Mavrodiev Evgeny V, Dervinis Christopher, Whitten William Mark, Gitzendanner Matthew A, Kirst Matias, Kim Sangtae, Kinser Taliesin J, Soltis Pamela S, Soltis Douglas E
Florida Museum of Natural History University of Florida Gainesville Florida 32611 USA.
School of Forest Resources and Conservation University of Florida Gainesville Florida 32611 USA.
Appl Plant Sci. 2021 Apr 7;9(3):e11413. doi: 10.1002/aps3.11413. eCollection 2021 Mar.

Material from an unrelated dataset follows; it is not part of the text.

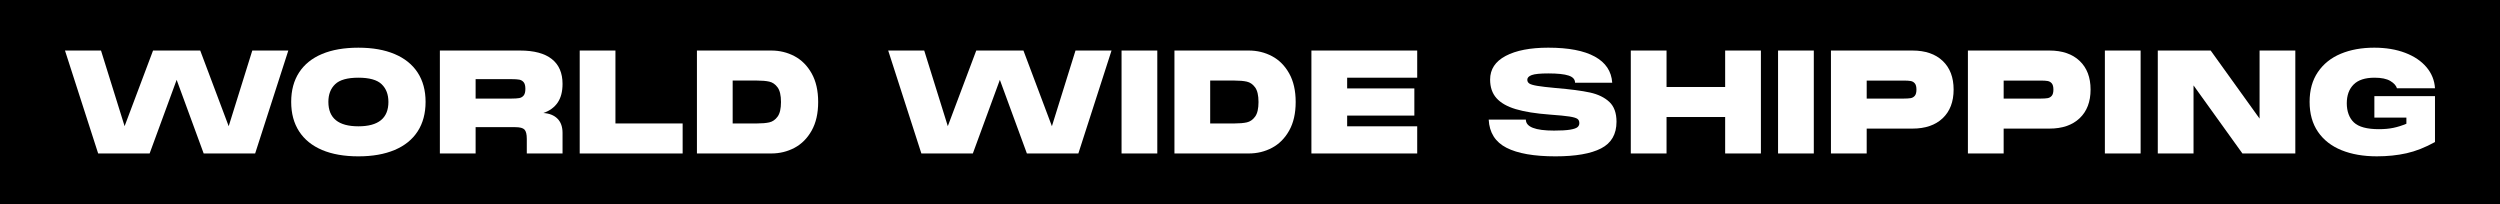 <svg viewBox="0 0 3012.35 245.82" xmlns="http://www.w3.org/2000/svg" id="Layer_2"><defs><style>.cls-1{fill:#fff;}</style></defs><g id="Layer_2-2"><g id="Layer_1-2"><rect height="245.82" width="3012.35"></rect></g><path d="M275.58,152.02l28.42-91.13h43.41l-39.97,124.03h-62.02l-32.56-88.72-32.56,88.72h-62.02l-39.97-124.03h43.41l28.42,91.13,34.28-91.13h56.85l34.28,91.13Z" class="cls-1"></path><path d="M388.07,180.71c-12.06-5.11-21.28-12.58-27.65-22.39-6.37-9.82-9.56-21.68-9.56-35.57s3.19-25.72,9.56-35.49c6.37-9.76,15.59-17.17,27.65-22.22,12.06-5.05,26.64-7.58,43.76-7.58s31.55,2.56,43.67,7.67c12.12,5.11,21.36,12.55,27.74,22.31,6.37,9.76,9.56,21.53,9.56,35.31s-3.19,25.75-9.56,35.57c-6.37,9.82-15.62,17.29-27.74,22.39-12.12,5.11-26.67,7.67-43.67,7.67s-31.7-2.56-43.76-7.67ZM468.01,122.74c0-8.96-2.73-16.05-8.18-21.28-5.46-5.22-14.79-7.84-27.99-7.84s-22.54,2.61-27.99,7.84c-5.46,5.23-8.18,12.32-8.18,21.28,0,19.64,12.06,29.46,36.18,29.46s36.18-9.82,36.18-29.46Z" class="cls-1"></path><path d="M671.71,142.98c4.08,4.08,6.12,9.79,6.12,17.14v24.81h-43.07v-17.57c0-5.51-.92-9.24-2.76-11.2-1.84-1.95-5.51-2.93-11.02-2.93h-47.89v31.7h-43.07V60.89h96.47c17,0,29.8,3.42,38.42,10.25,8.61,6.83,12.92,16.8,12.92,29.89,0,9.3-1.95,16.83-5.86,22.57-3.91,5.74-9.65,9.93-17.23,12.57,7.24.46,12.89,2.73,16.97,6.8ZM573.09,95.35v23.43h43.07c4.13,0,7.29-.2,9.47-.6,2.18-.4,3.96-1.43,5.34-3.1,1.38-1.66,2.07-4.33,2.07-8.01s-.69-6.35-2.07-8.01c-1.38-1.66-3.16-2.7-5.34-3.1-2.18-.4-5.34-.6-9.47-.6h-43.07Z" class="cls-1"></path><path d="M698.5,60.89h43.07v87.86h80.97v36.18h-124.03V60.89Z" class="cls-1"></path><path d="M929.34,60.89c10.1,0,19.44,2.27,27.99,6.8,8.56,4.54,15.44,11.46,20.67,20.76,5.22,9.3,7.84,20.79,7.84,34.45s-2.61,25.15-7.84,34.45c-5.23,9.3-12.12,16.22-20.67,20.76-8.56,4.54-17.89,6.8-27.99,6.8h-89.58V60.89h89.58ZM912.11,148.75c5.97,0,10.91-.43,14.82-1.29,3.9-.86,7.24-3.16,9.99-6.89,2.76-3.73,4.13-9.62,4.13-17.66s-1.38-13.92-4.13-17.66c-2.76-3.73-6.09-6.03-9.99-6.89-3.91-.86-8.84-1.29-14.82-1.29h-29.29v51.68h29.29Z" class="cls-1"></path><path d="M1267.5,152.02l28.42-91.13h43.41l-39.97,124.03h-62.02l-32.56-88.72-32.56,88.72h-62.02l-39.97-124.03h43.41l28.42,91.13,34.28-91.13h56.85l34.28,91.13Z" class="cls-1"></path><path d="M1351.4,60.89h43.07v124.03h-43.07V60.89Z" class="cls-1"></path><path d="M1504.71,60.89c10.1,0,19.44,2.27,27.99,6.8,8.56,4.54,15.45,11.46,20.67,20.76,5.22,9.3,7.84,20.79,7.84,34.45s-2.61,25.15-7.84,34.45c-5.23,9.3-12.12,16.22-20.67,20.76-8.56,4.54-17.89,6.8-27.99,6.8h-89.58V60.89h89.58ZM1487.49,148.75c5.97,0,10.91-.43,14.82-1.29,3.9-.86,7.24-3.16,9.99-6.89,2.76-3.73,4.13-9.62,4.13-17.66s-1.38-13.92-4.13-17.66c-2.76-3.73-6.09-6.03-9.99-6.89-3.91-.86-8.84-1.29-14.82-1.29h-29.29v51.68h29.29Z" class="cls-1"></path><path d="M1580.17,60.89h127.48v32.73h-84.41v12.92h80.97v32.73h-80.97v12.92h84.41v32.73h-127.48V60.89Z" class="cls-1"></path><path d="M1838.57,144.1c0,8.84,11.31,13.26,33.94,13.26,8.5,0,14.96-.37,19.38-1.12,4.42-.74,7.38-1.75,8.87-3.01s2.24-2.87,2.24-4.82c0-2.41-.8-4.16-2.41-5.25-1.61-1.09-4.77-2.01-9.48-2.76-4.71-.74-12.63-1.52-23.77-2.33-16.88-1.26-30.52-3.44-40.91-6.55-10.4-3.1-18.15-7.52-23.26-13.26-5.11-5.74-7.67-13.2-7.67-22.39,0-12.4,6.26-21.9,18.78-28.51,12.52-6.6,29.63-9.91,51.34-9.91,24.35,0,43.04,3.59,56.08,10.77,13.03,7.18,20.01,17.66,20.93,31.44h-44.79c0-4.02-2.58-6.89-7.75-8.61-5.17-1.72-13.32-2.58-24.46-2.58-9.76,0-16.42.66-19.98,1.98-3.56,1.32-5.34,3.19-5.34,5.6,0,1.95.8,3.47,2.41,4.56,1.61,1.09,4.79,2.04,9.56,2.84,4.76.8,12.09,1.67,21.96,2.58,17.91,1.49,31.75,3.3,41.52,5.43,9.76,2.13,17.54,5.89,23.34,11.28,5.8,5.4,8.7,13.38,8.7,23.95,0,15.05-6.2,25.75-18.6,32.13-12.4,6.37-30.72,9.56-54.95,9.56-25.84,0-45.51-3.45-59-10.34-13.49-6.89-20.65-18.2-21.45-33.94h44.79Z" class="cls-1"></path><path d="M2008.08,104.82h70.63v-43.93h43.07v124.03h-43.07v-43.93h-70.63v43.93h-43.07V60.89h43.07v43.93Z" class="cls-1"></path><path d="M2142.45,60.89h43.07v124.03h-43.07V60.89Z" class="cls-1"></path><path d="M2304.38,60.89c15.5,0,27.65,4.16,36.43,12.49,8.78,8.33,13.18,19.84,13.18,34.54s-4.39,26.21-13.18,34.54c-8.78,8.33-20.93,12.49-36.43,12.49h-55.13v29.98h-43.07V60.89h98.19ZM2249.26,97.07v21.71h44.79c3.45,0,6.17-.17,8.18-.52,2.01-.34,3.67-1.29,4.99-2.84,1.32-1.55,1.98-4.05,1.98-7.49s-.66-5.94-1.98-7.49c-1.32-1.55-2.99-2.5-4.99-2.84-2.01-.34-4.74-.52-8.18-.52h-44.79Z" class="cls-1"></path><path d="M2469.41,60.89c15.5,0,27.65,4.16,36.43,12.49,8.78,8.33,13.18,19.84,13.18,34.54s-4.39,26.21-13.18,34.54c-8.78,8.33-20.93,12.49-36.43,12.49h-55.13v29.98h-43.07V60.89h98.19ZM2414.29,97.07v21.71h44.79c3.45,0,6.17-.17,8.18-.52,2.01-.34,3.67-1.29,4.99-2.84,1.32-1.55,1.98-4.05,1.98-7.49s-.66-5.94-1.98-7.49c-1.32-1.55-2.99-2.5-4.99-2.84-2.01-.34-4.74-.52-8.18-.52h-44.79Z" class="cls-1"></path><path d="M2536.25,60.89h43.07v124.03h-43.07V60.89Z" class="cls-1"></path><path d="M2663.73,60.89l58.92,82V60.89h43.07v124.03h-63.74l-58.91-82v82h-43.07V60.89h63.74Z" class="cls-1"></path><path d="M2792.93,86.82c6.66-9.82,15.85-17.17,27.56-22.05,11.71-4.88,25.15-7.32,40.31-7.32,14.01,0,26.44,2.07,37.3,6.2,10.85,4.13,19.41,9.9,25.67,17.31,6.26,7.41,9.67,15.88,10.25,25.41h-45.82c-1.03-3.33-3.73-6.29-8.1-8.87-4.37-2.58-10.68-3.88-18.95-3.88-11.37,0-19.78,2.76-25.24,8.27-5.46,5.51-8.18,13.04-8.18,22.57s2.87,17.69,8.61,23.08c5.74,5.4,15.79,8.1,30.15,8.1,6.55,0,12.4-.54,17.57-1.64,5.17-1.09,10.34-2.73,15.5-4.91v-7.41h-38.59v-25.84h73.04v55.3c-11.83,6.55-23.26,11.06-34.28,13.52-11.02,2.47-22.97,3.7-35.83,3.7-16.19,0-30.38-2.47-42.55-7.41-12.18-4.94-21.62-12.32-28.34-22.13s-10.08-21.85-10.08-36.09,3.33-26.1,9.99-35.92Z" class="cls-1"></path></g></svg>

Commonly used molecular techniques such as next-generation sequencing require reliable methods to extract DNA quickly and efficiently. Secondary compounds within plant tissues make this requirement all the more challenging, often forcing researchers to test different extraction methods tailored to their particular species of interest in order to obtain large amounts of high-quality genomic DNA. The opportunities provided by high-throughput, next-generation sequencing only exacerbate these problems, especially when trying to extract DNA from multiple species at the same time. Several methods have attempted to resolve the challenges of obtaining suitable DNA from plants; however, a rapid, high-yield, high-quality, and highly scalable DNA extraction method is still needed.
We present a rapid DNA extraction protocol that utilizes a buffer with relatively large amounts of cetyltrimethylammonium bromide (CTAB) and sodium chloride, combined with a silica maxi-column cleanup of the extracted DNA. The new method is easy to implement using standard equipment and inexpensive reagents. The entire procedure (from grinding to the final elution) can be completed in less than two hours for a single sample and can be easily scaled to meet desired research goals. It works on diverse green plants with highly varied secondary chemistries (e.g., ferns, gymnosperms, and phylogenetically divergent angiosperms).
Application of the protocol to various plant species yielded DNA of high quality in less than two hours and can be adjusted to extract DNA at large (maxi-preps) or small (96-well minipreps) scales. We anticipate that our method will be of wide utility for rapidly isolating large quantities of quality genomic DNA from diverse plant species and will have broad applications in phylogenetic studies utilizing PCR and short-read DNA sequencing.
常用的分子技术,如下一代测序,需要可靠的方法来快速高效地提取DNA。植物组织中的次生化合物使这一要求更具挑战性,这常常迫使研究人员测试针对其特定感兴趣物种量身定制的不同提取方法,以获得大量高质量的基因组DNA。高通量的下一代测序所带来的机遇只会加剧这些问题,尤其是在试图同时从多个物种中提取DNA时。已经有几种方法试图解决从植物中获得合适DNA的挑战;然而,仍然需要一种快速、高产、高质量且高度可扩展的DNA提取方法。
我们提出了一种快速DNA提取方案,该方案使用含有相对大量十六烷基三甲基溴化铵(CTAB)和氯化钠的缓冲液,并结合硅胶大柱对提取的DNA进行纯化。这种新方法使用标准设备和廉价试剂很容易实施。对于单个样品,整个过程(从研磨到最终洗脱)可以在不到两小时内完成,并且可以轻松扩展以满足所需的研究目标。它适用于次生化学性质差异很大的各种绿色植物(例如蕨类植物、裸子植物和系统发育上不同的被子植物)。
将该方案应用于各种植物物种,在不到两小时内就能获得高质量的DNA,并且可以调整以大规模(大制备)或小规模(96孔微量制备)提取DNA。我们预计,我们的方法将广泛用于从各种植物物种中快速分离大量高质量的基因组DNA,并将在利用PCR和短读长DNA测序的系统发育研究中有广泛应用。